Ok, I get that Big Data is a pretty big hype right now and I also get that humans like to give names to phenomena to give them a handle to think about it. However, the amount of buzzword bingo around the whole Big Data sphere is really just staggering.
ZDNet has a nicely interlinked blog post by Tony Baer on “Fast Data”, apparently the new tag for real-time, low latency analytics. I recently attended the BerlinBuzzwords conference and can confirm that real-time analytics is in fact a pretty hot topic right now. Over and over again people have admitted that they really had no current analytics on key performance indicators of their infrastructure, be it the number of games installed or other kinds of metrics, and they discussed different ways to run batch-processing systems like Hadoop in tiny iterations to get closer to real-time.
Of course, real-time data mining is nothing new, and as I’ve already discussed elsewhere there exists a whole field of research called stream mining to deal with these topics. However, it looks like the industry is just beginning to adopt these techniques.
Another insight I’ve also discussed is that disks are often too slow for real-time. Unless all of your requests can be served from the cache in memory, an access to disk is quite slow and you cannot get beyond a few hundred requests per second. Now from a machine learning point of view, having all your data in memory and running analysis methods on it also isn’t something special. After all, all the usual frameworks like R, matlab or scipy work that way: Read the data, clean the data, run an analysis, write a report. I’d say ML (and also data science or computational statistics for that matter) is so memory-centric that most of my colleagues view a database as just another storage format for data exchange.

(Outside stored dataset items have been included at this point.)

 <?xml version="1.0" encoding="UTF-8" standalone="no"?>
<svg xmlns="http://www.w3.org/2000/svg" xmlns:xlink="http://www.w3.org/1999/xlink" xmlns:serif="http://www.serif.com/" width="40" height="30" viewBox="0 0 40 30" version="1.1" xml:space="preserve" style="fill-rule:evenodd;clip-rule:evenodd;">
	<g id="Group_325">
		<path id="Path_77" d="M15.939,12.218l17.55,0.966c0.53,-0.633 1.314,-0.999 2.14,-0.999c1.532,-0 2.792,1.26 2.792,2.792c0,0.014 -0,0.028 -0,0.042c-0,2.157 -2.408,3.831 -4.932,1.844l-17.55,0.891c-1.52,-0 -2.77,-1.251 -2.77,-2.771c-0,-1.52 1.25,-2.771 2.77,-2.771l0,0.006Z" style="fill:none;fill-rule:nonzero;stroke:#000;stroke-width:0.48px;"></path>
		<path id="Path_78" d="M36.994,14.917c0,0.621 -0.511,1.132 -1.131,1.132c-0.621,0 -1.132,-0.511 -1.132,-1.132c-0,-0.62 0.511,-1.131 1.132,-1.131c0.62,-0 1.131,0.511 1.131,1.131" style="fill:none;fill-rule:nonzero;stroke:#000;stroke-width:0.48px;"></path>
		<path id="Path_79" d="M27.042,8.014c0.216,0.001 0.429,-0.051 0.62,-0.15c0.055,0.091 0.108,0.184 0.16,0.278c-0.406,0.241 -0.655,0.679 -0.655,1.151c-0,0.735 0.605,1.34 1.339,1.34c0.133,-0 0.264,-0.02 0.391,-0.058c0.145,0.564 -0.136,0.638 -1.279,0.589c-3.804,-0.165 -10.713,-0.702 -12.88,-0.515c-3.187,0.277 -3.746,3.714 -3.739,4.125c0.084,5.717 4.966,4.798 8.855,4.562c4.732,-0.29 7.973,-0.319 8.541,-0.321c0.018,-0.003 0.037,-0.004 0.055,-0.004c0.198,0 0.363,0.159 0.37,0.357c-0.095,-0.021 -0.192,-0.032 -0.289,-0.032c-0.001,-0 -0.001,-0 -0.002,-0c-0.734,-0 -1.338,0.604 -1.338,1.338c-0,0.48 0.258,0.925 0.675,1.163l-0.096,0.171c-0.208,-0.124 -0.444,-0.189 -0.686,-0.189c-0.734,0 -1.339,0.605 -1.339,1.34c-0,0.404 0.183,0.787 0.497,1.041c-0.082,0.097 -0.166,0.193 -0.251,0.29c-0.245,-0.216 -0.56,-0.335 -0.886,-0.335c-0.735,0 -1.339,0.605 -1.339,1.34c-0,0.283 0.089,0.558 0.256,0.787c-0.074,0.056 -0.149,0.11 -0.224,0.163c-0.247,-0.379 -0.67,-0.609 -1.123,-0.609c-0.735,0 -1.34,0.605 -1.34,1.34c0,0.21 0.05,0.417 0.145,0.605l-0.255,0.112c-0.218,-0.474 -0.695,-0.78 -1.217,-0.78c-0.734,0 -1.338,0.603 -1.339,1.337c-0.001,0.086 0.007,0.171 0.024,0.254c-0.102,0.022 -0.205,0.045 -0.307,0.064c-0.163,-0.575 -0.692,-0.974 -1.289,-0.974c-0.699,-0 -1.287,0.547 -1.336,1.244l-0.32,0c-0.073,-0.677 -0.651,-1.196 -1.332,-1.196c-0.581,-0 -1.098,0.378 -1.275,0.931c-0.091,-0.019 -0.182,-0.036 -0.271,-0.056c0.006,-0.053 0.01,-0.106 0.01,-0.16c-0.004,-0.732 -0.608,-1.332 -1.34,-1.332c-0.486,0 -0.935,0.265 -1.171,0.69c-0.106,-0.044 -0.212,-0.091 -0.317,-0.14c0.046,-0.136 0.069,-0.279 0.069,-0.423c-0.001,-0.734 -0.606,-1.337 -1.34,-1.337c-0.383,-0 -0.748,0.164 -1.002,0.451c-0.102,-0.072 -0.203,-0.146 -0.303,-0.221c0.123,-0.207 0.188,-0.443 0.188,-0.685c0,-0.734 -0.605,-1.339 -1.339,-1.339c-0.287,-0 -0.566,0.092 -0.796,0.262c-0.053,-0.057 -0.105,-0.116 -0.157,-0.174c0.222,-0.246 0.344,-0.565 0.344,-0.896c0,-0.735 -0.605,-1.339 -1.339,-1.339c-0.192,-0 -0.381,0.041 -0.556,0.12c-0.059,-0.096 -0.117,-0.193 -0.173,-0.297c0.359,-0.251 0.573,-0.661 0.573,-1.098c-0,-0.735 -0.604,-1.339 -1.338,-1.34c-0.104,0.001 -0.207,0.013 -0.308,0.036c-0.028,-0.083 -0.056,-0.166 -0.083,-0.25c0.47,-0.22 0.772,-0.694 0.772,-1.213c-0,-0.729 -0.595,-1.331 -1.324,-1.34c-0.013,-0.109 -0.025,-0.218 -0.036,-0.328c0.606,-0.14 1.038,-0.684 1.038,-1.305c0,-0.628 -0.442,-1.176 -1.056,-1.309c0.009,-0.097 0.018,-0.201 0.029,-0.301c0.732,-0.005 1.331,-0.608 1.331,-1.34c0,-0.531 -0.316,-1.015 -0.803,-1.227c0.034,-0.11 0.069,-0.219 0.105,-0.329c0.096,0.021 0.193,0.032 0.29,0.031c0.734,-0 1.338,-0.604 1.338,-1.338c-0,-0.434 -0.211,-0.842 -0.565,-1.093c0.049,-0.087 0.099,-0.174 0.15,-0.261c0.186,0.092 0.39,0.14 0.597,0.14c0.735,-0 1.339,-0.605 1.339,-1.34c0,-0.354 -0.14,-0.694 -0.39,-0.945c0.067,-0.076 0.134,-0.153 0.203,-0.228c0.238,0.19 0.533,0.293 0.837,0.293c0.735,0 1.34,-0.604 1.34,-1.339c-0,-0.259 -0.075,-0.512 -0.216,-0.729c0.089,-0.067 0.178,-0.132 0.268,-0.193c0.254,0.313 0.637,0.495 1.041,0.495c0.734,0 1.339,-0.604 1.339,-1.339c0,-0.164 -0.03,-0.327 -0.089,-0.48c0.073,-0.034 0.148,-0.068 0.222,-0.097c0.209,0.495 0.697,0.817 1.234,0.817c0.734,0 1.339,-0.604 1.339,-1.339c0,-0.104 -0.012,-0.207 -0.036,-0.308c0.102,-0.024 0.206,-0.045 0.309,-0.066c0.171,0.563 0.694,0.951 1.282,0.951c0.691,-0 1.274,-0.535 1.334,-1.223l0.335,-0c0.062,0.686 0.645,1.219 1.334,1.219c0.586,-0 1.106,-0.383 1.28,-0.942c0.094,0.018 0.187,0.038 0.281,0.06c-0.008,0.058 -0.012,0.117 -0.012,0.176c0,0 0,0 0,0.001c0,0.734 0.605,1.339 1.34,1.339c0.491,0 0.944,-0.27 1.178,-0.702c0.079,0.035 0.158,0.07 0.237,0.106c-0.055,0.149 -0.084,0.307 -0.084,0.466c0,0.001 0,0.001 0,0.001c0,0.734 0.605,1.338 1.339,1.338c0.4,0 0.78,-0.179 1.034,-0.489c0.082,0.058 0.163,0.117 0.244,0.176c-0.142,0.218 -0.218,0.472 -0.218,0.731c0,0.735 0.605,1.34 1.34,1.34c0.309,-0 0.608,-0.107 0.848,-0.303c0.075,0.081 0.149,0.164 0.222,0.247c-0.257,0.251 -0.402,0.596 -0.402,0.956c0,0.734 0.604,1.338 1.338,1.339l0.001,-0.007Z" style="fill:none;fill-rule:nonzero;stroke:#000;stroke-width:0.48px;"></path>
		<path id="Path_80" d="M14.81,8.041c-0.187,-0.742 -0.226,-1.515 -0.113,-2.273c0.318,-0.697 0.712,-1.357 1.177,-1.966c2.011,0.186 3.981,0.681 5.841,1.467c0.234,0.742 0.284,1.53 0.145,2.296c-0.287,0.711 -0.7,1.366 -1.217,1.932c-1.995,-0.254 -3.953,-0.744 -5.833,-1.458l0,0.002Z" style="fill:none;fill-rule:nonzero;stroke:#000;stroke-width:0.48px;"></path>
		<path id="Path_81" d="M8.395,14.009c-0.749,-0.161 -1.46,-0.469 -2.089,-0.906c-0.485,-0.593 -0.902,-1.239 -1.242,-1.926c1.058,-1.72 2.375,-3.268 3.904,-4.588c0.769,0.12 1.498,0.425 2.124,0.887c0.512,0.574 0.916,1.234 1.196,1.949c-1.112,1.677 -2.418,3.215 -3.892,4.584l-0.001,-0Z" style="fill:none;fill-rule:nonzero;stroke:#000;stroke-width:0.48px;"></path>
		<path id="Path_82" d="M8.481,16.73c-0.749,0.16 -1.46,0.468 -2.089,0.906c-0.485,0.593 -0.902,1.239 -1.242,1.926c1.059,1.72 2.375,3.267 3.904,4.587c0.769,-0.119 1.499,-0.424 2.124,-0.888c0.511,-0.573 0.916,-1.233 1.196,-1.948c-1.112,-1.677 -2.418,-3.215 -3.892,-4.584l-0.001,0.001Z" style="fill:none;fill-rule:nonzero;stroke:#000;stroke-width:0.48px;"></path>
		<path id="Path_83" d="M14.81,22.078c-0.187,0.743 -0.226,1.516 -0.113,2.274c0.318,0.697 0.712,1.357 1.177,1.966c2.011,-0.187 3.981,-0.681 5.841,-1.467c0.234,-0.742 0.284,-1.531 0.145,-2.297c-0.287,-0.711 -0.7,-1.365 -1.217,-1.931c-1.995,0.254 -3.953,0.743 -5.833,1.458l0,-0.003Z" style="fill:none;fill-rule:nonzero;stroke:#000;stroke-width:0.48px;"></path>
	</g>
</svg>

However, the idea of using your memory for something else than disk caches seems to be so mindboggling new to database guys that they invented a completely new term for it: “in-memory analytics.” Apparently in an effort to jump the Big Data Buzzword Bandwagon, companies like SAP, Oracle, or SAS have started to offer “in-memory analytics” products and solutions which are basically just the way you normally process data, at least in my world ;)
I think we still need a few more buzzwords, so here are a few more suggestions:
Big Data Science Neither Big Data or Data Science is sufficient, we need Big Data Science!
Real-Time Big Data IMHO, sounds better than Fast Data and also has Big Data in it, a clear win.
Small Data That way, we can bring all existing algorithms which don’t quite scale back into the Big Data world. The main selling point here is that these methods are often exact and not just approximations, leading to much more accurate results!
I’m only half-joking here. A friend of mine who works at TeraData has told me that classical data base vendors have started to interpret NoSQL as “Not Only SQL”.